(Stored items)
★ ★ ★ ★ ★

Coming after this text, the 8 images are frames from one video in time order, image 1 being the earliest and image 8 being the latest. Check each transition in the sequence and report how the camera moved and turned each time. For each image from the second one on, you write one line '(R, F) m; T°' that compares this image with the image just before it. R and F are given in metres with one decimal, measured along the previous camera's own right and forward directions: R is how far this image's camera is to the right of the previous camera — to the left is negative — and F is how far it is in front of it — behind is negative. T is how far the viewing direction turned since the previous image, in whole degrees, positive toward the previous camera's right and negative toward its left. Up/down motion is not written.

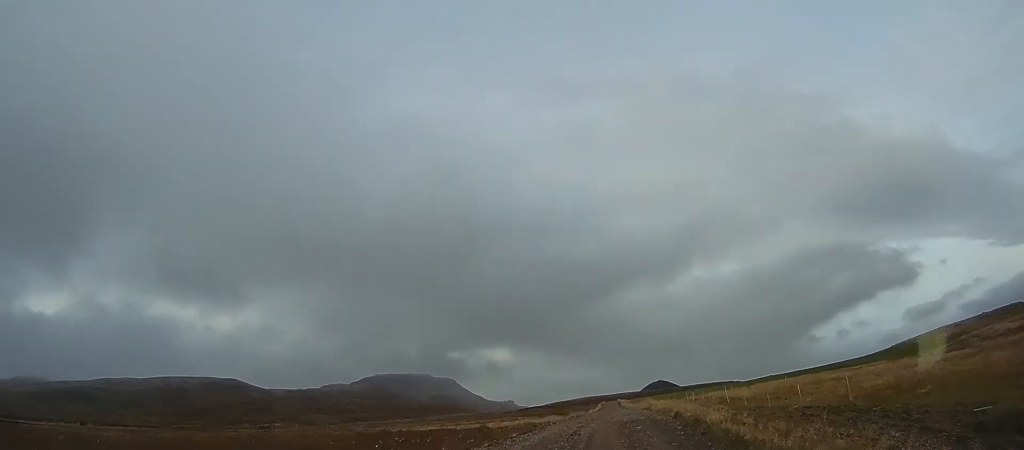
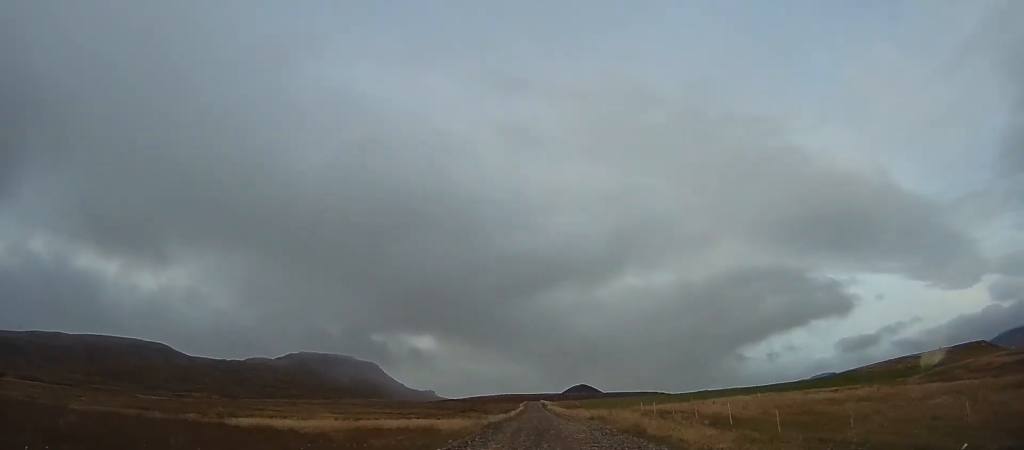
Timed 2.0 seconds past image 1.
(+1.6, +14.7) m; +7°
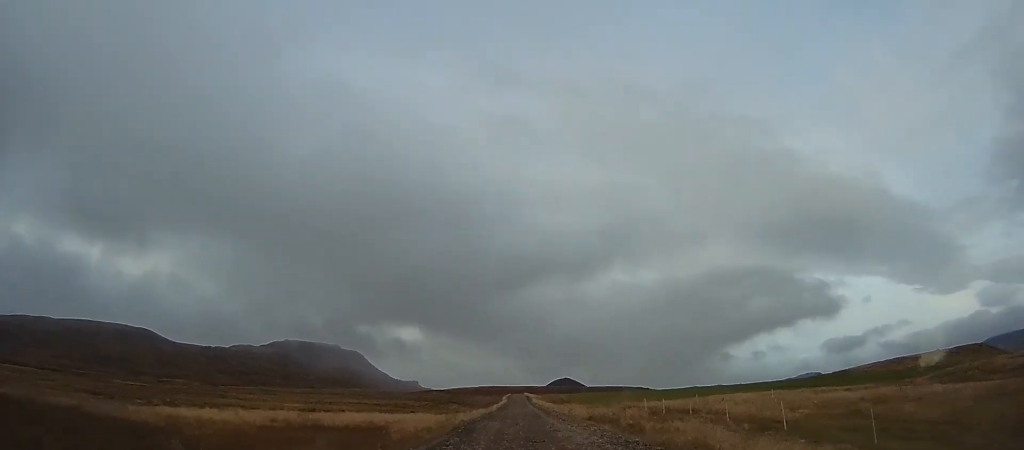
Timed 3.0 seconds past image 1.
(0.0, +7.5) m; 0°
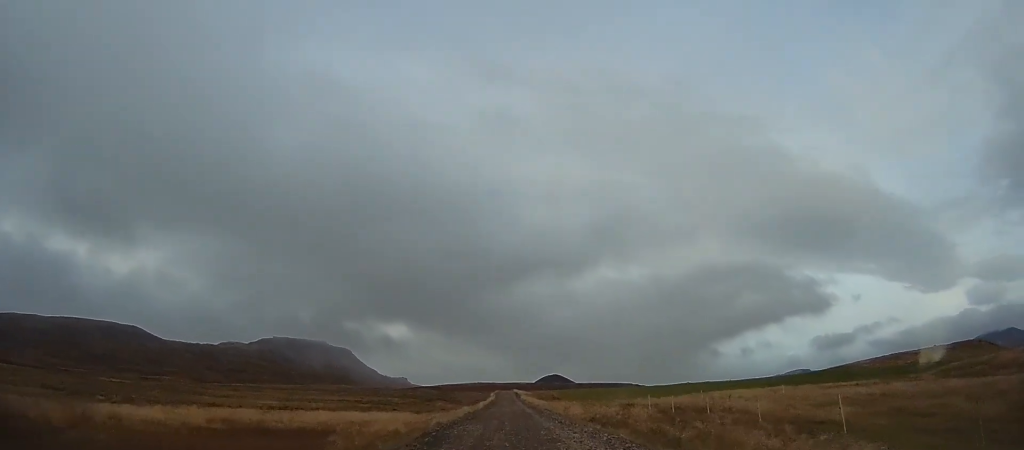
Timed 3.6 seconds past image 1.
(0.0, +4.9) m; 0°
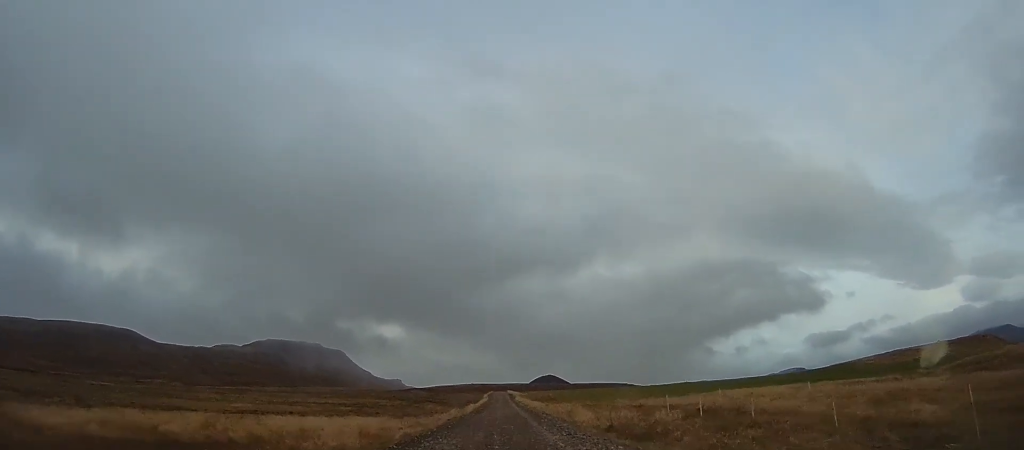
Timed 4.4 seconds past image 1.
(0.0, +5.8) m; 0°
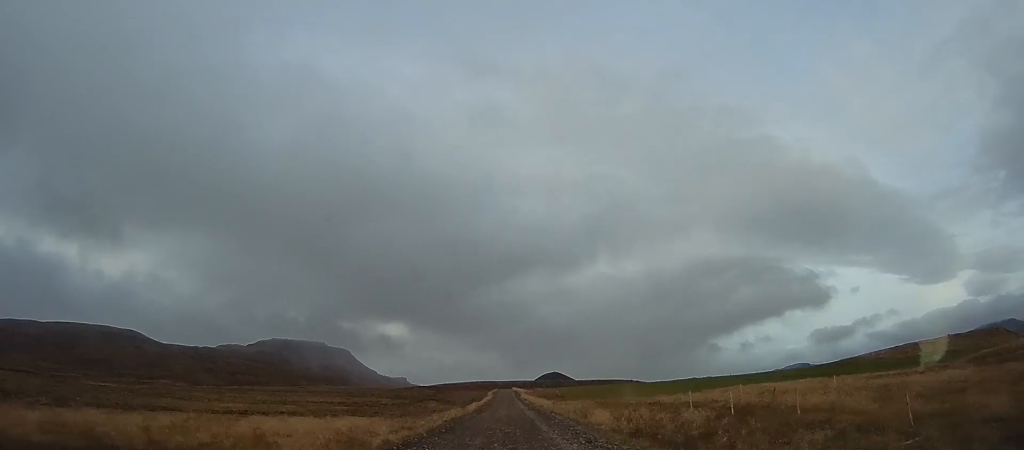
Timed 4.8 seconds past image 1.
(0.0, +3.3) m; 0°
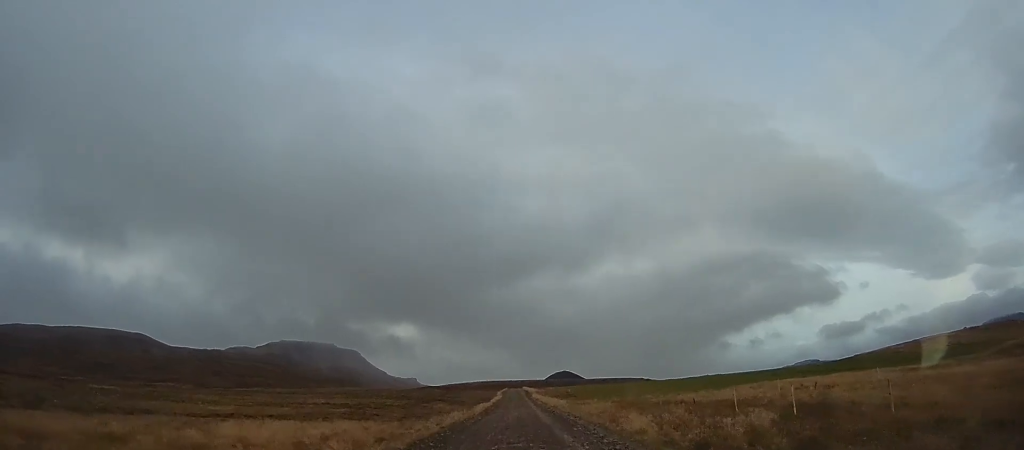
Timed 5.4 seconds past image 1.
(0.0, +4.5) m; +2°
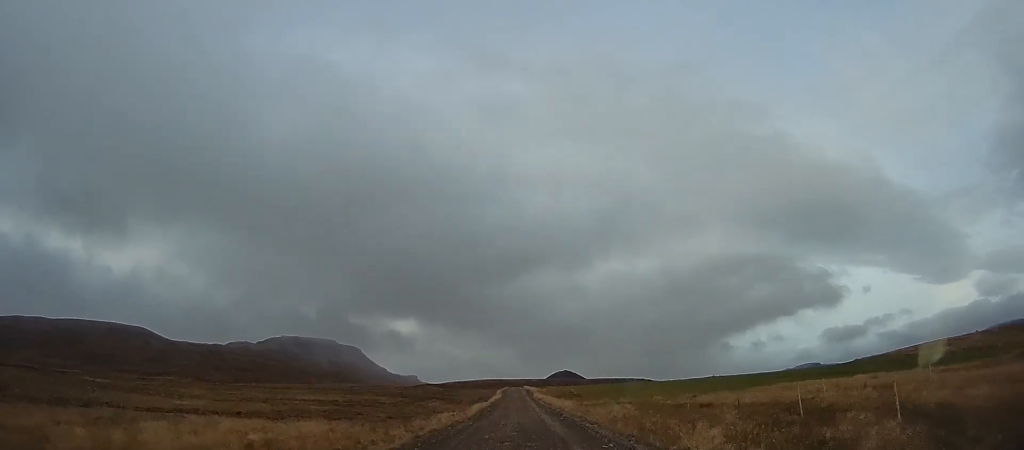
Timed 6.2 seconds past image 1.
(+0.2, +5.6) m; 0°

★ ★ ★ ★ ★

_Exercise brief_:
Transcribe each entry above without alteration, but keep the pictures out.

_Answer to this exercise_:
Coming after this text, the 8 images are frames from one video in time order, image 1 being the earliest and image 8 being the latest. Check each transition in the sequence and report how the camera moved and turned each time. For each image from the second one on, you write one line '(R, F) m; T°' that compares this image with the image just before it. R and F are given in metres with one decimal, measured along the previous camera's own right and forward directions: R is how far this image's camera is to the right of the previous camera — to the left is negative — and F is how far it is in front of it — behind is negative. T is how far the viewing direction turned since the previous image, in whole degrees, positive toward the previous camera's right and negative toward its left. Up/down motion is not written.

Timed 2.0 seconds past image 1.
(+1.6, +14.7) m; +7°
Timed 3.0 seconds past image 1.
(0.0, +7.5) m; 0°
Timed 3.6 seconds past image 1.
(0.0, +4.9) m; 0°
Timed 4.4 seconds past image 1.
(0.0, +5.8) m; 0°
Timed 4.8 seconds past image 1.
(0.0, +3.3) m; 0°
Timed 5.4 seconds past image 1.
(0.0, +4.5) m; +2°
Timed 6.2 seconds past image 1.
(+0.2, +5.6) m; 0°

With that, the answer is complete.